=== YOUR OBJECTIVE ===
Your output must be the lines below from the line containing "A fixed camera" to the line containing "The cyan metal", both lines included, reproduced exactly and without pictures.

=== GIVEN DATA ===
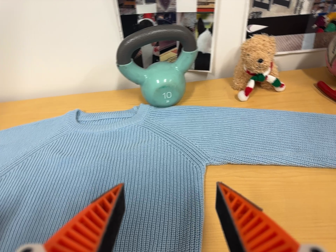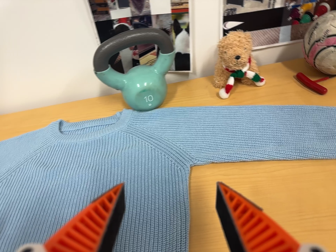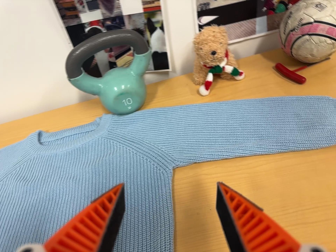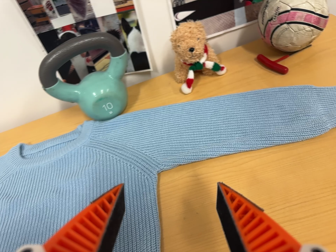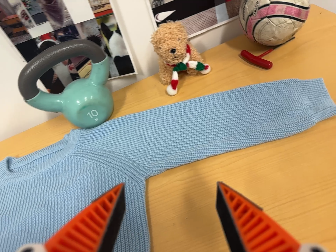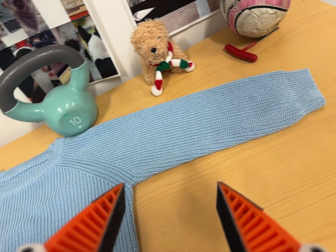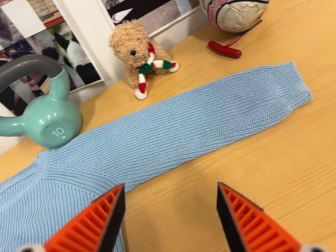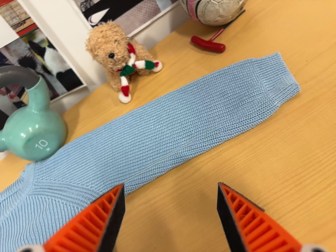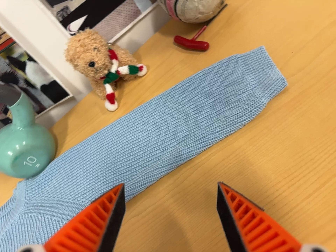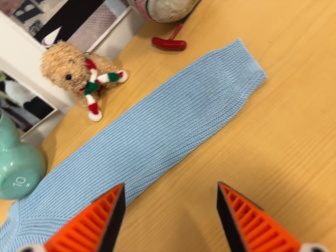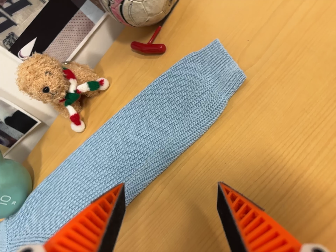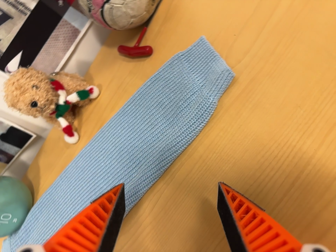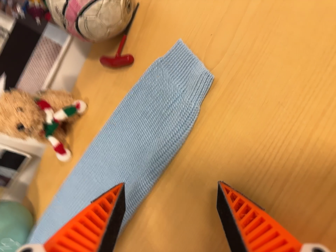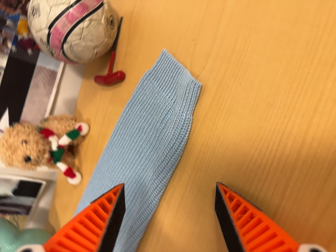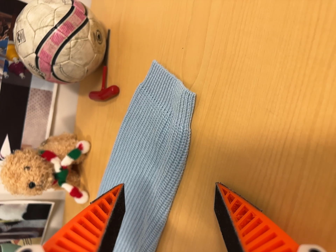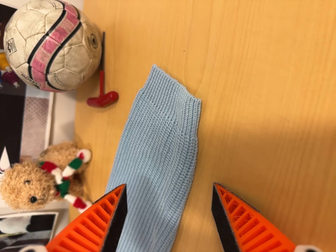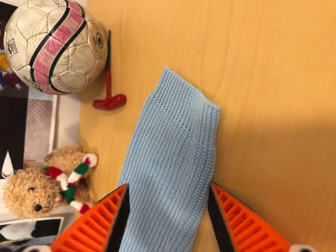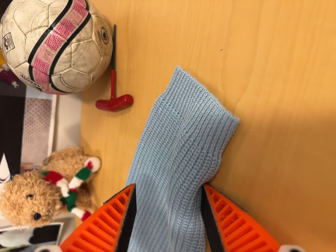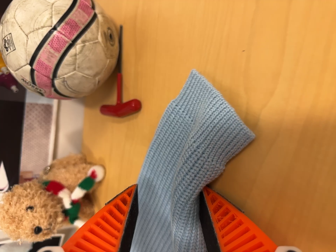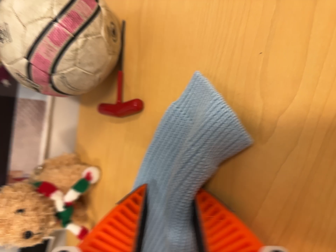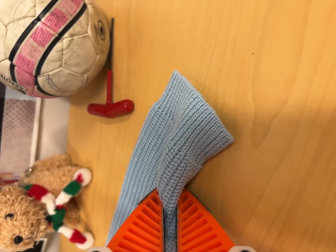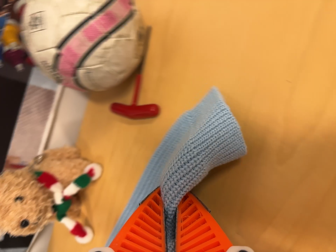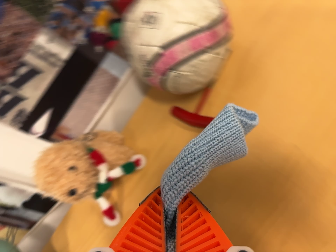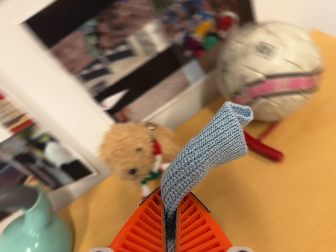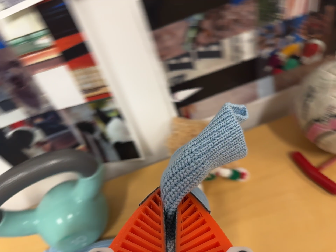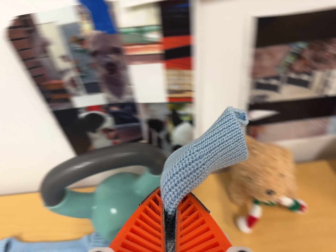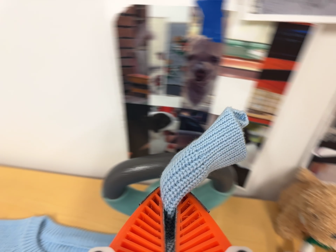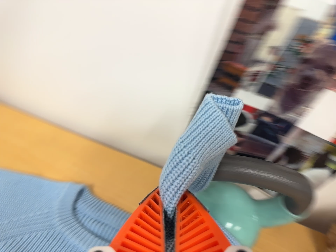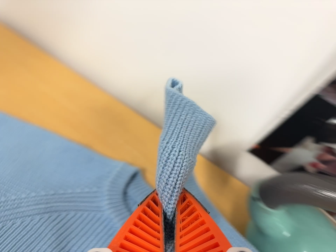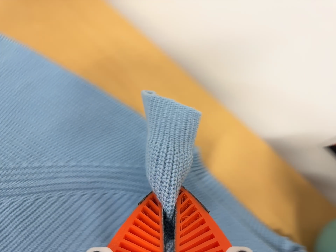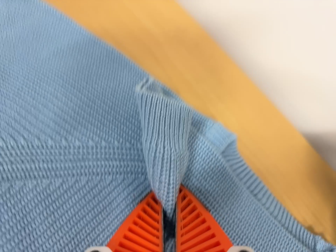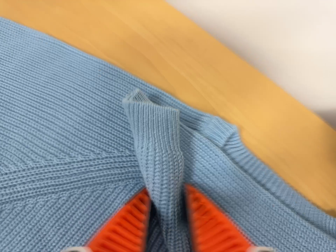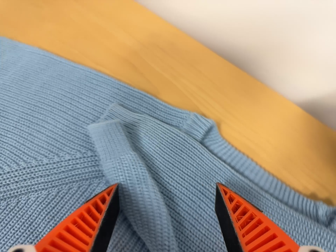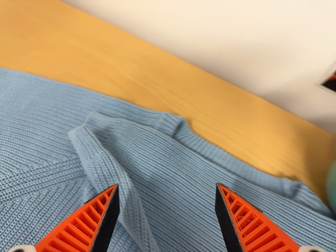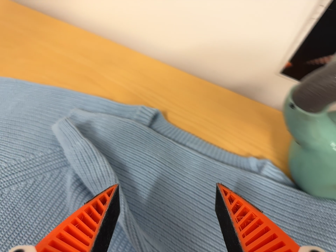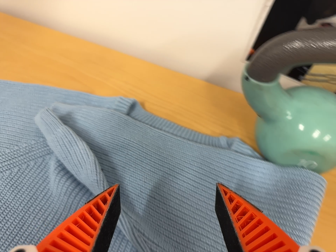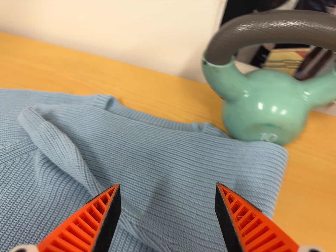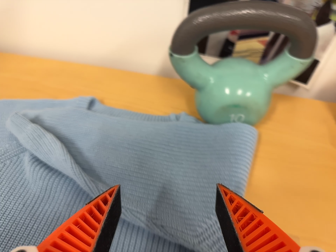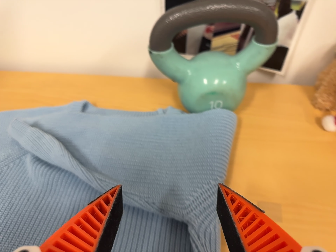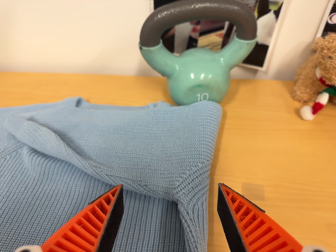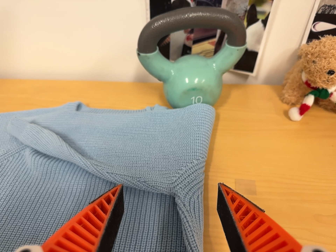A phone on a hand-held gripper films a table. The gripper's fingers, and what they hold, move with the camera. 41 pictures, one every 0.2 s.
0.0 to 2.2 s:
==
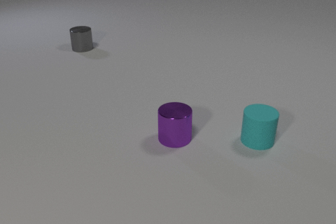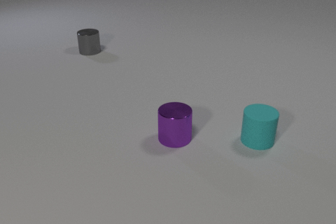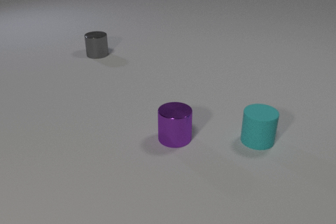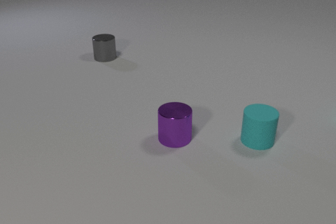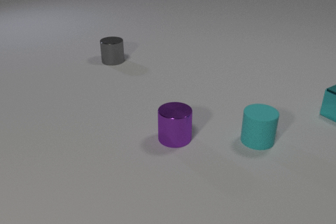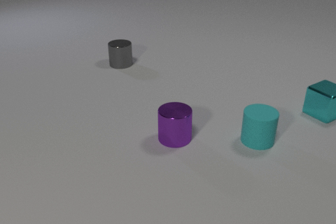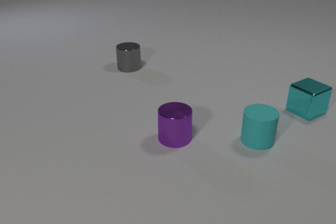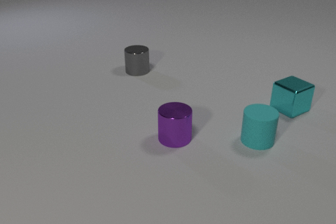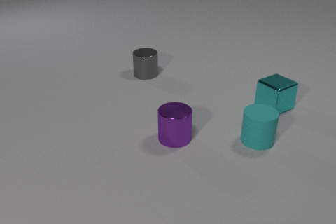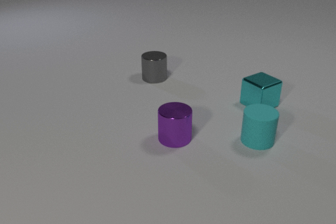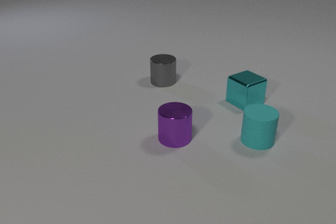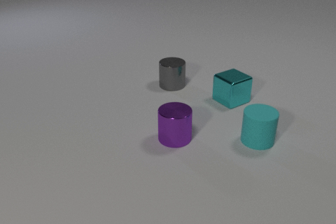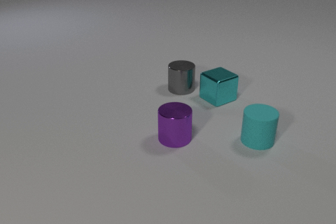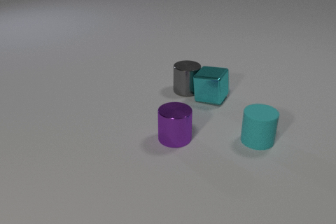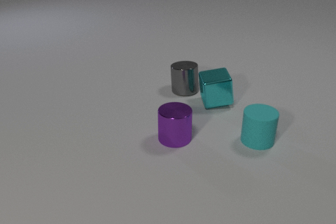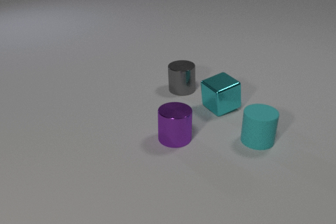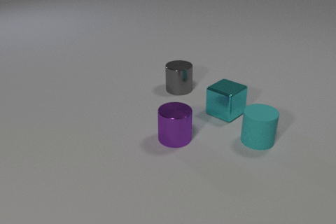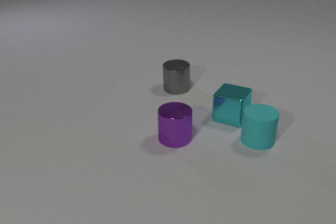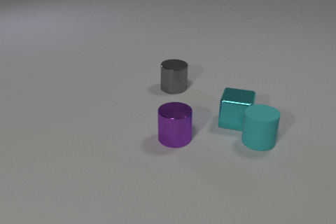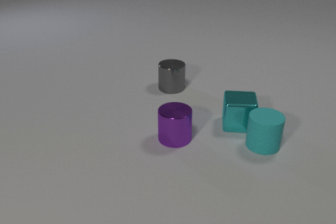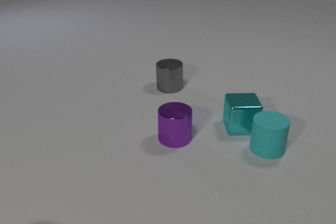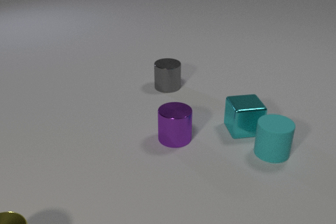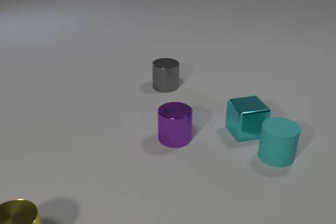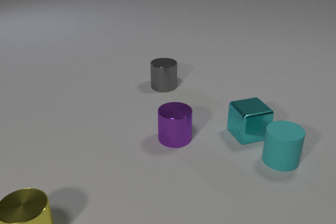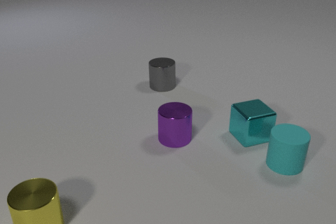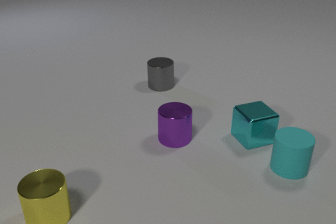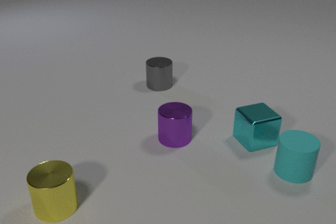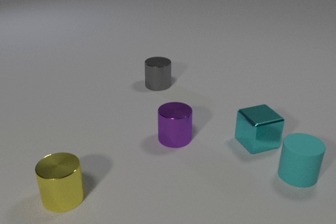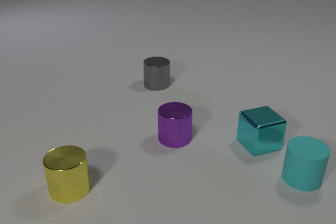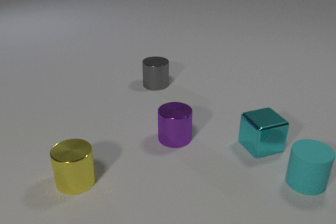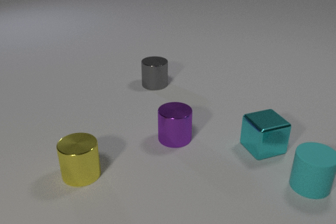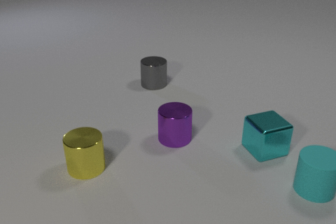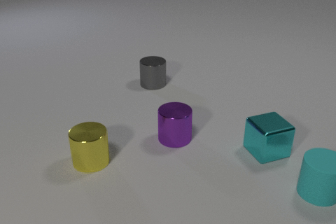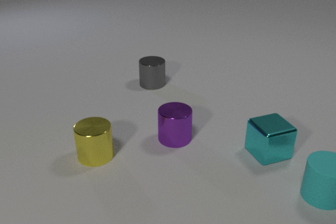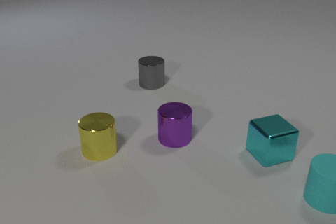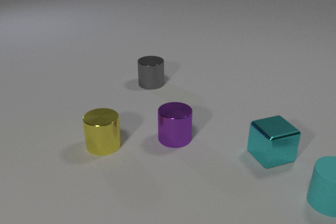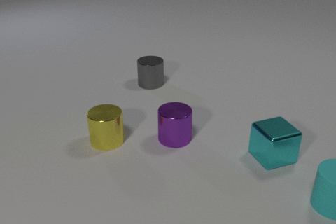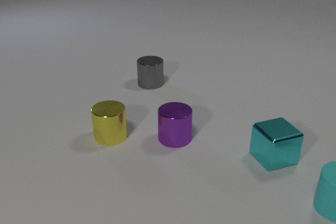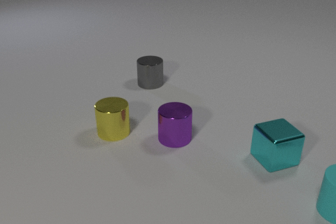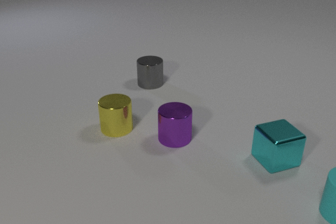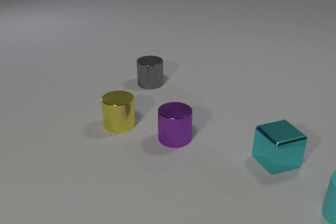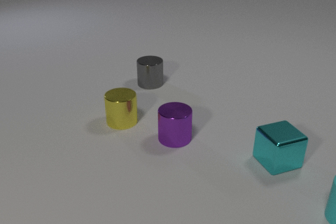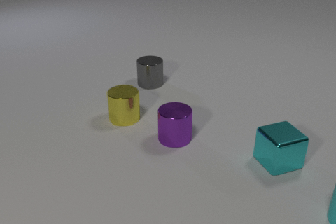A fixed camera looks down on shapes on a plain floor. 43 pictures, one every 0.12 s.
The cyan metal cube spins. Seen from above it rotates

=== ANSWER FOR THIS EXERCISE ===
A fixed camera looks down on shapes on a plain floor. 43 pictures, one every 0.12 s.
The cyan metal cube spins. Seen from above it rotates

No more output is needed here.